_Task_
Would you reproduce the entries exactly, including every line?

_Recorded data_
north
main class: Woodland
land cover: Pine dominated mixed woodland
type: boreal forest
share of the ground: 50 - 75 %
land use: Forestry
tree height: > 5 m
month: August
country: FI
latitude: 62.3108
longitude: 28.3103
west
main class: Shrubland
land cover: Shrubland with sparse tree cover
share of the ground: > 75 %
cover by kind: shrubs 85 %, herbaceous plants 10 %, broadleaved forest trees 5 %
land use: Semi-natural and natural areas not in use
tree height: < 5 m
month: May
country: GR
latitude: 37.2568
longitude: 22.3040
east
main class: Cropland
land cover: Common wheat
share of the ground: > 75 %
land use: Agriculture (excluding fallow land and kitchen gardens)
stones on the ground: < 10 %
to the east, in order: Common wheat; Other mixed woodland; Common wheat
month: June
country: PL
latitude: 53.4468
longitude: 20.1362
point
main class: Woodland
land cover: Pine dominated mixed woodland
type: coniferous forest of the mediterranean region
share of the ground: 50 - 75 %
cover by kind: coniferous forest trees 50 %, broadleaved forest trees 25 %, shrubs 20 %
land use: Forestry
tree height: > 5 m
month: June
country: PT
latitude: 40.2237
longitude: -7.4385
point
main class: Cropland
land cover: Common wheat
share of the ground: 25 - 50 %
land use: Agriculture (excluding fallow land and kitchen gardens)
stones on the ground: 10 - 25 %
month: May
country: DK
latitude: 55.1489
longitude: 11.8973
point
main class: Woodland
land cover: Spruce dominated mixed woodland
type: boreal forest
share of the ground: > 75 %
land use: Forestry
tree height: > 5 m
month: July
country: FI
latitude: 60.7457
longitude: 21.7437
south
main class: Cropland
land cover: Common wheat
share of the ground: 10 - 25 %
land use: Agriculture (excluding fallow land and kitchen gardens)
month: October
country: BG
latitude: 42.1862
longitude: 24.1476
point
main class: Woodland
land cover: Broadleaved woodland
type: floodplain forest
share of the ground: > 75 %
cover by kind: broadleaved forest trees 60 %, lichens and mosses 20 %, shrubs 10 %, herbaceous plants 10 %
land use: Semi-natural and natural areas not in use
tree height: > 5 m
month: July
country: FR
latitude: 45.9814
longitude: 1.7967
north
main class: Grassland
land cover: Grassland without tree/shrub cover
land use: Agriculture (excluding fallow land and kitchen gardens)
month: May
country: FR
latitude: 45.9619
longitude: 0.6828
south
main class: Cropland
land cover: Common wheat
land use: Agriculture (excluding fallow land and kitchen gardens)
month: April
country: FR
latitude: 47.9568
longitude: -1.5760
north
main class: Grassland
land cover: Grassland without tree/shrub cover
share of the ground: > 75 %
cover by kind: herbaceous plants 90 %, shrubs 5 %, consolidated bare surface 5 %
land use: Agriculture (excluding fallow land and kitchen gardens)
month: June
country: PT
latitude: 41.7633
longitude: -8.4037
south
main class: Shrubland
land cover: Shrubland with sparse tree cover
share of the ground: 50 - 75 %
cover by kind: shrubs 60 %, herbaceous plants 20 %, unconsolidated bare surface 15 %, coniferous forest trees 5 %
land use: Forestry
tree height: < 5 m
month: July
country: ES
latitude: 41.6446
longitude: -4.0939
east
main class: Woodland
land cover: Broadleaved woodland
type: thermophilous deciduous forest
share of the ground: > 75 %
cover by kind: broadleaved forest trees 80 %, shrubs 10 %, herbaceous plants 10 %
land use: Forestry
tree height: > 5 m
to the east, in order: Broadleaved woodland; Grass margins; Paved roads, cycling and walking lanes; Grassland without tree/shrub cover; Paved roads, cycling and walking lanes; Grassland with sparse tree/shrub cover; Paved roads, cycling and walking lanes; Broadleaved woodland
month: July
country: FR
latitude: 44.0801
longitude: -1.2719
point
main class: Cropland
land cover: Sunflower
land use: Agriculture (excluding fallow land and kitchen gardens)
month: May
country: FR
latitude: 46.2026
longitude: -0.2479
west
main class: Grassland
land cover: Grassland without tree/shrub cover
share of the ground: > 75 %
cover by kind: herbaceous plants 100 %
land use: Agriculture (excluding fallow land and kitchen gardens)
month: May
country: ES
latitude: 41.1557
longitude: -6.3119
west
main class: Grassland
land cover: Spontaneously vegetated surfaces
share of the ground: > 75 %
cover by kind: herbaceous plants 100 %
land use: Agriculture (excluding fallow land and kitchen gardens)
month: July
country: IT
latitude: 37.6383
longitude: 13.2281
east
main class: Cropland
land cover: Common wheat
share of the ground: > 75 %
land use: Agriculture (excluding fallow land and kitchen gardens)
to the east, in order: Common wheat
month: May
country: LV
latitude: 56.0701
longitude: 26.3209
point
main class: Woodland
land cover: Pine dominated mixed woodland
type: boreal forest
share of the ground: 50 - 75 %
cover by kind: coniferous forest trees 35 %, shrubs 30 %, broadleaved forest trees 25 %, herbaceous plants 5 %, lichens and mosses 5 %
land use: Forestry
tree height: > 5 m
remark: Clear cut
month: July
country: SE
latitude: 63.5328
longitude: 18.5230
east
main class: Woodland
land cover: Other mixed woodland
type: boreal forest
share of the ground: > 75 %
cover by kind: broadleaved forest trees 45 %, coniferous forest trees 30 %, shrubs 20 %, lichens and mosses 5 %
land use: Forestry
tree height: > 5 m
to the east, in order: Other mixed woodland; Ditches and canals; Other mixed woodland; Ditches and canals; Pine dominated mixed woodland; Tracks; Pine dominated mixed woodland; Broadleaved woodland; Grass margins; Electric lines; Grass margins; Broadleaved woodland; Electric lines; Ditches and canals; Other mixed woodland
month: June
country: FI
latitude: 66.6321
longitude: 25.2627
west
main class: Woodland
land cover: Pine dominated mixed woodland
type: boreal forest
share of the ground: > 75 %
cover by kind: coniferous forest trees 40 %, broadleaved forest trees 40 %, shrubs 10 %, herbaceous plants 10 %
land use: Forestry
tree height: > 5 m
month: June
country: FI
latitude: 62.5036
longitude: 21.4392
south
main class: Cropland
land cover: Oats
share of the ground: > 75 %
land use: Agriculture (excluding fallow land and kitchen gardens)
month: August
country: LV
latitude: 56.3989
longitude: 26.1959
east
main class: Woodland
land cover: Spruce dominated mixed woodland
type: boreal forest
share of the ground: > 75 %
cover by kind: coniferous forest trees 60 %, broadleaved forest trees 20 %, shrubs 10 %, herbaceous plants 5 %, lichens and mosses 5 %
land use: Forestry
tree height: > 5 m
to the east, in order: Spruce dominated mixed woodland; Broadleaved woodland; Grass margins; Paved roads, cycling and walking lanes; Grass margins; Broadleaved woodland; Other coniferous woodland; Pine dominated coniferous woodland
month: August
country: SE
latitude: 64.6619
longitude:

_Response to the exercise_
north
main class: Woodland
land cover: Pine dominated mixed woodland
type: boreal forest
share of the ground: 50 - 75 %
land use: Forestry
tree height: > 5 m
month: August
country: FI
latitude: 62.3108
longitude: 28.3103
west
main class: Shrubland
land cover: Shrubland with sparse tree cover
share of the ground: > 75 %
cover by kind: shrubs 85 %, herbaceous plants 10 %, broadleaved forest trees 5 %
land use: Semi-natural and natural areas not in use
tree height: < 5 m
month: May
country: GR
latitude: 37.2568
longitude: 22.3040
east
main class: Cropland
land cover: Common wheat
share of the ground: > 75 %
land use: Agriculture (excluding fallow land and kitchen gardens)
stones on the ground: < 10 %
to the east, in order: Common wheat; Other mixed woodland; Common wheat
month: June
country: PL
latitude: 53.4468
longitude: 20.1362
point
main class: Woodland
land cover: Pine dominated mixed woodland
type: coniferous forest of the mediterranean region
share of the ground: 50 - 75 %
cover by kind: coniferous forest trees 50 %, broadleaved forest trees 25 %, shrubs 20 %
land use: Forestry
tree height: > 5 m
month: June
country: PT
latitude: 40.2237
longitude: -7.4385
point
main class: Cropland
land cover: Common wheat
share of the ground: 25 - 50 %
land use: Agriculture (excluding fallow land and kitchen gardens)
stones on the ground: 10 - 25 %
month: May
country: DK
latitude: 55.1489
longitude: 11.8973
point
main class: Woodland
land cover: Spruce dominated mixed woodland
type: boreal forest
share of the ground: > 75 %
land use: Forestry
tree height: > 5 m
month: July
country: FI
latitude: 60.7457
longitude: 21.7437
south
main class: Cropland
land cover: Common wheat
share of the ground: 10 - 25 %
land use: Agriculture (excluding fallow land and kitchen gardens)
month: October
country: BG
latitude: 42.1862
longitude: 24.1476
point
main class: Woodland
land cover: Broadleaved woodland
type: floodplain forest
share of the ground: > 75 %
cover by kind: broadleaved forest trees 60 %, lichens and mosses 20 %, shrubs 10 %, herbaceous plants 10 %
land use: Semi-natural and natural areas not in use
tree height: > 5 m
month: July
country: FR
latitude: 45.9814
longitude: 1.7967
north
main class: Grassland
land cover: Grassland without tree/shrub cover
land use: Agriculture (excluding fallow land and kitchen gardens)
month: May
country: FR
latitude: 45.9619
longitude: 0.6828
south
main class: Cropland
land cover: Common wheat
land use: Agriculture (excluding fallow land and kitchen gardens)
month: April
country: FR
latitude: 47.9568
longitude: -1.5760
north
main class: Grassland
land cover: Grassland without tree/shrub cover
share of the ground: > 75 %
cover by kind: herbaceous plants 90 %, shrubs 5 %, consolidated bare surface 5 %
land use: Agriculture (excluding fallow land and kitchen gardens)
month: June
country: PT
latitude: 41.7633
longitude: -8.4037
south
main class: Shrubland
land cover: Shrubland with sparse tree cover
share of the ground: 50 - 75 %
cover by kind: shrubs 60 %, herbaceous plants 20 %, unconsolidated bare surface 15 %, coniferous forest trees 5 %
land use: Forestry
tree height: < 5 m
month: July
country: ES
latitude: 41.6446
longitude: -4.0939
east
main class: Woodland
land cover: Broadleaved woodland
type: thermophilous deciduous forest
share of the ground: > 75 %
cover by kind: broadleaved forest trees 80 %, shrubs 10 %, herbaceous plants 10 %
land use: Forestry
tree height: > 5 m
to the east, in order: Broadleaved woodland; Grass margins; Paved roads, cycling and walking lanes; Grassland without tree/shrub cover; Paved roads, cycling and walking lanes; Grassland with sparse tree/shrub cover; Paved roads, cycling and walking lanes; Broadleaved woodland
month: July
country: FR
latitude: 44.0801
longitude: -1.2719
point
main class: Cropland
land cover: Sunflower
land use: Agriculture (excluding fallow land and kitchen gardens)
month: May
country: FR
latitude: 46.2026
longitude: -0.2479
west
main class: Grassland
land cover: Grassland without tree/shrub cover
share of the ground: > 75 %
cover by kind: herbaceous plants 100 %
land use: Agriculture (excluding fallow land and kitchen gardens)
month: May
country: ES
latitude: 41.1557
longitude: -6.3119
west
main class: Grassland
land cover: Spontaneously vegetated surfaces
share of the ground: > 75 %
cover by kind: herbaceous plants 100 %
land use: Agriculture (excluding fallow land and kitchen gardens)
month: July
country: IT
latitude: 37.6383
longitude: 13.2281
east
main class: Cropland
land cover: Common wheat
share of the ground: > 75 %
land use: Agriculture (excluding fallow land and kitchen gardens)
to the east, in order: Common wheat
month: May
country: LV
latitude: 56.0701
longitude: 26.3209
point
main class: Woodland
land cover: Pine dominated mixed woodland
type: boreal forest
share of the ground: 50 - 75 %
cover by kind: coniferous forest trees 35 %, shrubs 30 %, broadleaved forest trees 25 %, herbaceous plants 5 %, lichens and mosses 5 %
land use: Forestry
tree height: > 5 m
remark: Clear cut
month: July
country: SE
latitude: 63.5328
longitude: 18.5230
east
main class: Woodland
land cover: Other mixed woodland
type: boreal forest
share of the ground: > 75 %
cover by kind: broadleaved forest trees 45 %, coniferous forest trees 30 %, shrubs 20 %, lichens and mosses 5 %
land use: Forestry
tree height: > 5 m
to the east, in order: Other mixed woodland; Ditches and canals; Other mixed woodland; Ditches and canals; Pine dominated mixed woodland; Tracks; Pine dominated mixed woodland; Broadleaved woodland; Grass margins; Electric lines; Grass margins; Broadleaved woodland; Electric lines; Ditches and canals; Other mixed woodland
month: June
country: FI
latitude: 66.6321
longitude: 25.2627
west
main class: Woodland
land cover: Pine dominated mixed woodland
type: boreal forest
share of the ground: > 75 %
cover by kind: coniferous forest trees 40 %, broadleaved forest trees 40 %, shrubs 10 %, herbaceous plants 10 %
land use: Forestry
tree height: > 5 m
month: June
country: FI
latitude: 62.5036
longitude: 21.4392
south
main class: Cropland
land cover: Oats
share of the ground: > 75 %
land use: Agriculture (excluding fallow land and kitchen gardens)
month: August
country: LV
latitude: 56.3989
longitude: 26.1959
east
main class: Woodland
land cover: Spruce dominated mixed woodland
type: boreal forest
share of the ground: > 75 %
cover by kind: coniferous forest trees 60 %, broadleaved forest trees 20 %, shrubs 10 %, herbaceous plants 5 %, lichens and mosses 5 %
land use: Forestry
tree height: > 5 m
to the east, in order: Spruce dominated mixed woodland; Broadleaved woodland; Grass margins; Paved roads, cycling and walking lanes; Grass margins; Broadleaved woodland; Other coniferous woodland; Pine dominated coniferous woodland
month: August
country: SE
latitude: 64.6619
longitude:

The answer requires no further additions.